● **Records provided**:

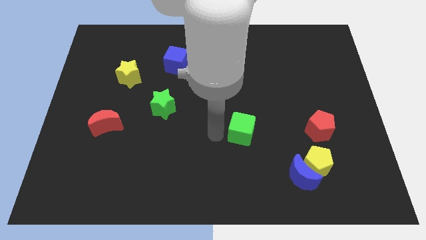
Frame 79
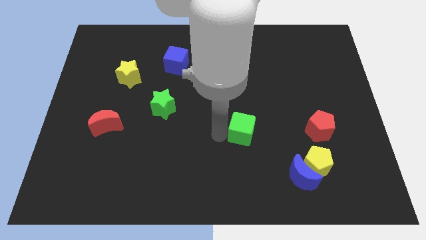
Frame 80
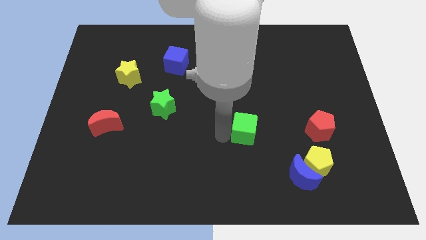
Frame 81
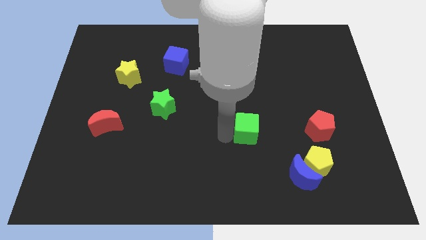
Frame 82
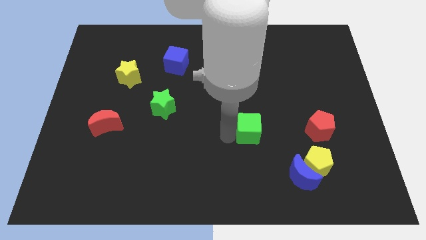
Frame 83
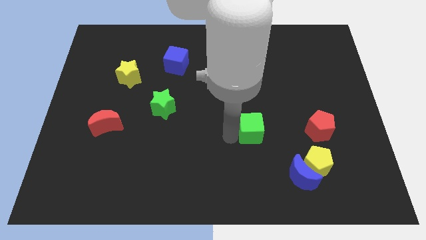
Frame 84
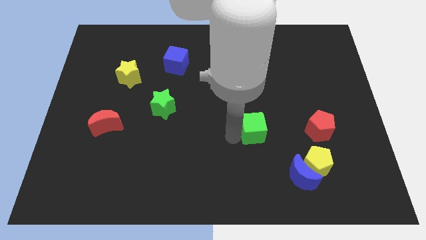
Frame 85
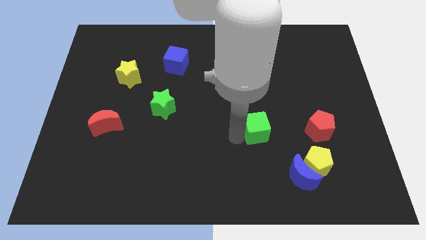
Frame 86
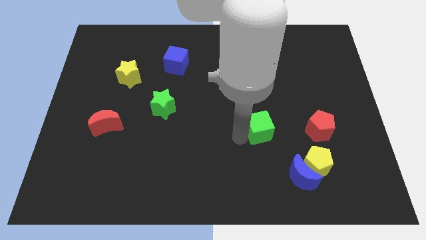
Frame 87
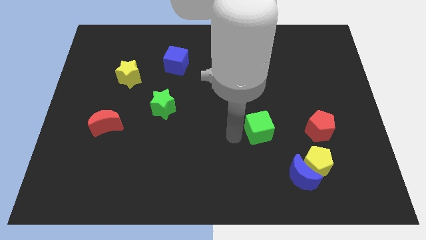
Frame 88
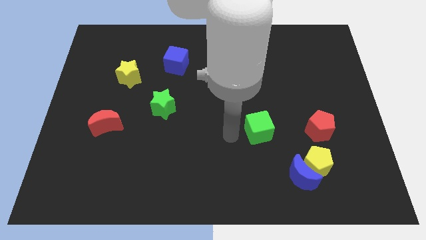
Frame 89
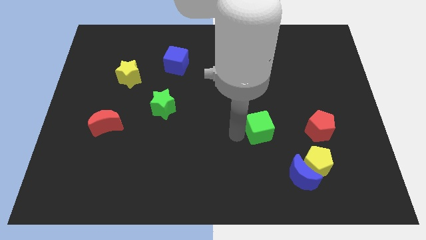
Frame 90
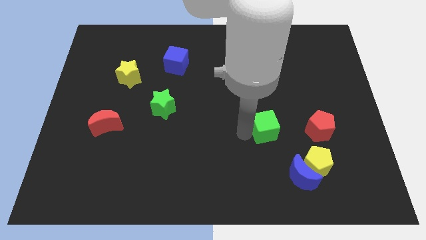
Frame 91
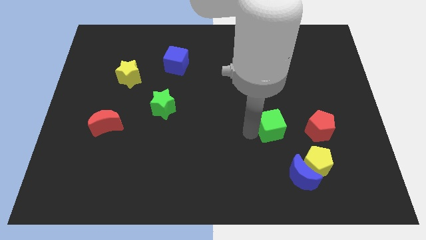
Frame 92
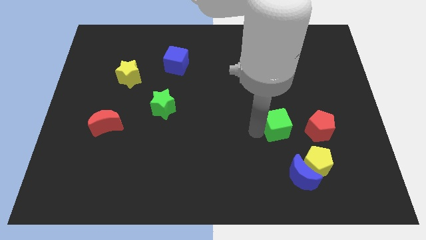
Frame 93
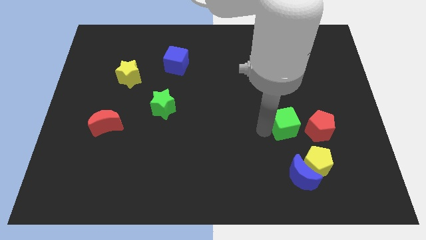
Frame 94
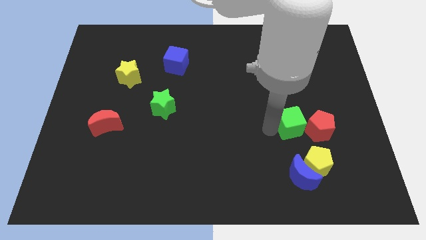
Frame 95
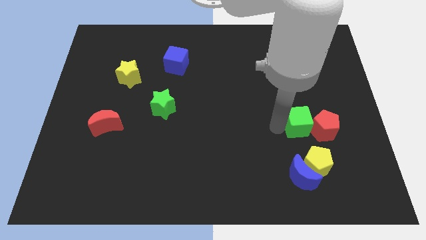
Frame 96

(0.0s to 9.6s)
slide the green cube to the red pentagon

● **The task**: Retype the records above exactly, and keep any picture out of what you write.

● **Your solution**:
Frame 79
Frame 80
Frame 81
Frame 82
Frame 83
Frame 84
Frame 85
Frame 86
Frame 87
Frame 88
Frame 89
Frame 90
Frame 91
Frame 92
Frame 93
Frame 94
Frame 95
Frame 96

(0.0s to 9.6s)
slide the green cube to the red pentagon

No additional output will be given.